My point is I've always paid MORE than $5 for my cigars. Taxes here are high.


----------



## Mhouser7 (Aug 13, 2010)

Edit:goof-up


----------



## HydroRaven (Oct 10, 2010)

Tashaz said:


> My point is I've always paid MORE than $5 for my cigars. Taxes here are high.


My mistake. I guess in my excitement I misread your "more" for "less".

You know what they say, "more is less and less is more".


----------



## Mante (Dec 25, 2009)

HydroRaven said:


> My mistake. I guess in my excitement I misread your "more" for "less".
> 
> You know what they say, "more is less and less is more".
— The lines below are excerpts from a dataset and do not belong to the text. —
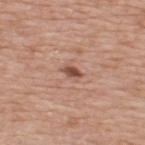The lesion was tiled from a total-body skin photograph and was not biopsied. Automated image analysis of the tile measured an eccentricity of roughly 0.85 and a symmetry-axis asymmetry near 0.35. The software also gave a lesion color around L≈50 a*≈23 b*≈28 in CIELAB, about 13 CIELAB-L* units darker than the surrounding skin, and a normalized lesion–skin contrast near 8.5. The software also gave a border-irregularity index near 3/10, a within-lesion color-variation index near 2/10, and a peripheral color-asymmetry measure near 0.5. The analysis additionally found an automated nevus-likeness rating near 75 out of 100 and a lesion-detection confidence of about 100/100. The lesion is on the upper back. About 2.5 mm across. A male subject aged 73–77. Captured under white-light illumination. A region of skin cropped from a whole-body photographic capture, roughly 15 mm wide.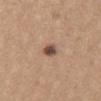biopsy status = total-body-photography surveillance lesion; no biopsy | patient = female, about 35 years old | image = total-body-photography crop, ~15 mm field of view | anatomic site = the mid back.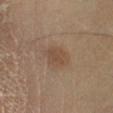workup: imaged on a skin check; not biopsied | subject: male, in their 60s | lesion size: ≈2.5 mm | site: the right lower leg | image source: total-body-photography crop, ~15 mm field of view | tile lighting: cross-polarized.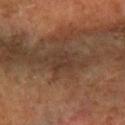Recorded during total-body skin imaging; not selected for excision or biopsy.
A roughly 15 mm field-of-view crop from a total-body skin photograph.
The lesion is on the right forearm.
A female subject, about 60 years old.
The tile uses cross-polarized illumination.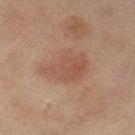Assessment: Captured during whole-body skin photography for melanoma surveillance; the lesion was not biopsied. Background: The lesion is on the left thigh. A 15 mm crop from a total-body photograph taken for skin-cancer surveillance. A female subject approximately 60 years of age.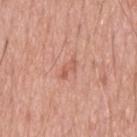Assessment: Imaged during a routine full-body skin examination; the lesion was not biopsied and no histopathology is available. Clinical summary: The lesion-visualizer software estimated a lesion area of about 3 mm². The software also gave a normalized lesion–skin contrast near 5.5. The software also gave a border-irregularity index near 4/10 and peripheral color asymmetry of about 0. And it measured a classifier nevus-likeness of about 0/100 and a detector confidence of about 100 out of 100 that the crop contains a lesion. A male subject aged 68 to 72. Cropped from a whole-body photographic skin survey; the tile spans about 15 mm. From the upper back. This is a white-light tile. The recorded lesion diameter is about 3 mm.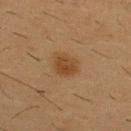Recorded during total-body skin imaging; not selected for excision or biopsy.
The patient is a male in their mid- to late 50s.
Located on the chest.
This image is a 15 mm lesion crop taken from a total-body photograph.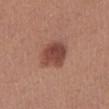| key | value |
|---|---|
| follow-up | no biopsy performed (imaged during a skin exam) |
| imaging modality | 15 mm crop, total-body photography |
| anatomic site | the right lower leg |
| patient | female, aged around 40 |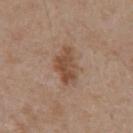Impression:
Part of a total-body skin-imaging series; this lesion was reviewed on a skin check and was not flagged for biopsy.
Acquisition and patient details:
A male patient, about 65 years old. Cropped from a whole-body photographic skin survey; the tile spans about 15 mm. An algorithmic analysis of the crop reported an area of roughly 8.5 mm², an eccentricity of roughly 0.85, and a symmetry-axis asymmetry near 0.25. The analysis additionally found an average lesion color of about L≈48 a*≈19 b*≈30 (CIELAB). And it measured a classifier nevus-likeness of about 5/100 and a detector confidence of about 100 out of 100 that the crop contains a lesion. The tile uses white-light illumination. Located on the chest. Measured at roughly 4.5 mm in maximum diameter.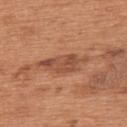This lesion was catalogued during total-body skin photography and was not selected for biopsy. On the upper back. The tile uses white-light illumination. This image is a 15 mm lesion crop taken from a total-body photograph. A male subject, approximately 65 years of age. The total-body-photography lesion software estimated a lesion area of about 9.5 mm², a shape eccentricity near 0.9, and two-axis asymmetry of about 0.35. It also reported a lesion color around L≈50 a*≈24 b*≈33 in CIELAB and a normalized lesion–skin contrast near 7. It also reported border irregularity of about 5 on a 0–10 scale, a within-lesion color-variation index near 3.5/10, and a peripheral color-asymmetry measure near 1. The software also gave a classifier nevus-likeness of about 0/100 and a lesion-detection confidence of about 80/100. About 6 mm across.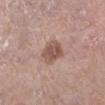Findings:
• biopsy status — catalogued during a skin exam; not biopsied
• body site — the left lower leg
• TBP lesion metrics — a within-lesion color-variation index near 3/10
• tile lighting — white-light
• subject — male, aged around 55
• image — 15 mm crop, total-body photography
• diameter — about 3.5 mm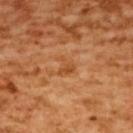Assessment:
No biopsy was performed on this lesion — it was imaged during a full skin examination and was not determined to be concerning.
Acquisition and patient details:
Measured at roughly 2.5 mm in maximum diameter. Located on the upper back. A female subject, aged 53 to 57. A 15 mm close-up extracted from a 3D total-body photography capture. Captured under cross-polarized illumination.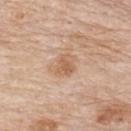workup: catalogued during a skin exam; not biopsied | imaging modality: ~15 mm crop, total-body skin-cancer survey | subject: male, approximately 85 years of age or older | TBP lesion metrics: an average lesion color of about L≈61 a*≈20 b*≈33 (CIELAB), roughly 9 lightness units darker than nearby skin, and a normalized border contrast of about 6.5; a border-irregularity rating of about 3/10, a within-lesion color-variation index near 2.5/10, and a peripheral color-asymmetry measure near 1; an automated nevus-likeness rating near 15 out of 100 | diameter: ≈3 mm | location: the upper back.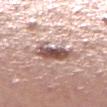notes: catalogued during a skin exam; not biopsied | subject: female, aged approximately 25 | TBP lesion metrics: an automated nevus-likeness rating near 50 out of 100 and lesion-presence confidence of about 100/100 | acquisition: ~15 mm tile from a whole-body skin photo | site: the right lower leg | lesion diameter: ≈5 mm.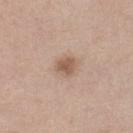follow-up — total-body-photography surveillance lesion; no biopsy
imaging modality — ~15 mm tile from a whole-body skin photo
location — the leg
diameter — ≈2.5 mm
subject — female, in their mid-50s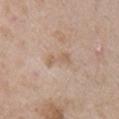<record>
  <biopsy_status>not biopsied; imaged during a skin examination</biopsy_status>
</record>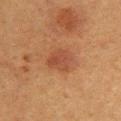Case summary:
* follow-up: no biopsy performed (imaged during a skin exam)
* tile lighting: cross-polarized illumination
* acquisition: 15 mm crop, total-body photography
* image-analysis metrics: a lesion area of about 7 mm², an eccentricity of roughly 0.6, and a symmetry-axis asymmetry near 0.25; border irregularity of about 2.5 on a 0–10 scale and internal color variation of about 3 on a 0–10 scale; a classifier nevus-likeness of about 70/100 and a detector confidence of about 100 out of 100 that the crop contains a lesion
* subject: female, aged around 40
* location: the upper back
* size: ~3.5 mm (longest diameter)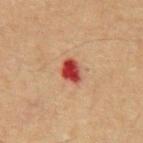{
  "biopsy_status": "not biopsied; imaged during a skin examination",
  "image": {
    "source": "total-body photography crop",
    "field_of_view_mm": 15
  },
  "lesion_size": {
    "long_diameter_mm_approx": 3.0
  },
  "lighting": "cross-polarized",
  "patient": {
    "sex": "male",
    "age_approx": 65
  },
  "site": "chest"
}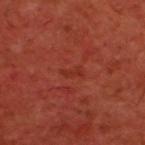Case summary:
– notes — no biopsy performed (imaged during a skin exam)
– size — ≈2.5 mm
– automated lesion analysis — a lesion color around L≈31 a*≈31 b*≈31 in CIELAB, roughly 4 lightness units darker than nearby skin, and a normalized lesion–skin contrast near 4.5; a within-lesion color-variation index near 0/10 and radial color variation of about 0; a classifier nevus-likeness of about 0/100 and a lesion-detection confidence of about 90/100
– illumination — cross-polarized illumination
– patient — male, aged 58–62
– body site — the upper back
– image source — ~15 mm crop, total-body skin-cancer survey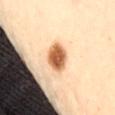{"biopsy_status": "not biopsied; imaged during a skin examination", "lighting": "cross-polarized", "lesion_size": {"long_diameter_mm_approx": 3.5}, "site": "right thigh", "automated_metrics": {"color_variation_0_10": 5.5, "peripheral_color_asymmetry": 1.5}, "image": {"source": "total-body photography crop", "field_of_view_mm": 15}, "patient": {"sex": "male", "age_approx": 65}}

It's all good. More taxes means less smokes so you are correct. LOLound:


----------



## BKDW (Nov 7, 2009)

Let's try to stay on topic please :smile:.

Name the best cigar you've had (regardless of country origin) that cost under $5. JUST PICK ONE :smile:.


----------



## ptpablo (Aug 22, 2010)

Any 5 Vegas series "A" Maduro


----------



## ElectroManiac (Oct 22, 2010)

La aroma de cuba is a great cigar for under 5$. You can get a robusto 5 pack for 24.50 $ on CI.

Thats just on the top of my head. 5 Vegas is another excellent choice


----------



## iride (Jan 25, 2009)

The 5 Vegas line and don't forget Gisperts, love the Gispert right off the B&M shelf with no aging and is always a good smoke.


----------



## Nate G (Sep 23, 2010)

Sub $5 I'd go with Padilla Miami


----------



## jfeva0049 (Nov 19, 2009)

cain f 550


----------



## Kook (Apr 20, 2010)

MOW


----------



## Tman (Sep 12, 2010)

Not the best smoke by any stretch of imagination, but Romeo y Julieta Habana Reserve Churchill. Taste is subjective, right?


----------



## Bunker (Jul 20, 2010)

If I can add a second it would be the 601 Box pressed maduro


----------



## shannensmall (Jun 30, 2010)

5 bucks and under is a very very wide category. I mean there are so many it would be hard to narrow it down to just one. Now if you said 1-2 bucks, my vote would be for the Perdomo Slow aged. Great cheap cigars!


----------



## bas (Jul 9, 2010)

Oliva G Maduro for me, but those Padron 2000s are awful close.


----------



## BKDW (Nov 7, 2009)

:bump:


----------



## Matt1951 (Apr 25, 2010)

Ever since Zogg reviewed the Oliva O number 4, I have been smoking these. This may be my favorite cigar, and it is under $3. I am going to order two boxes tomorrow. Great taste, I get a solid hour burn time.


----------



## Max_Power (Sep 9, 2010)

I have been loving all 3 different Puros Huerfanos blends, which are supposedly Drew Estate seconds from Famous Smoke. They are from $2 - $4 per stick and I think they are all delicious. The 52x for morning smokes and the others later in the day.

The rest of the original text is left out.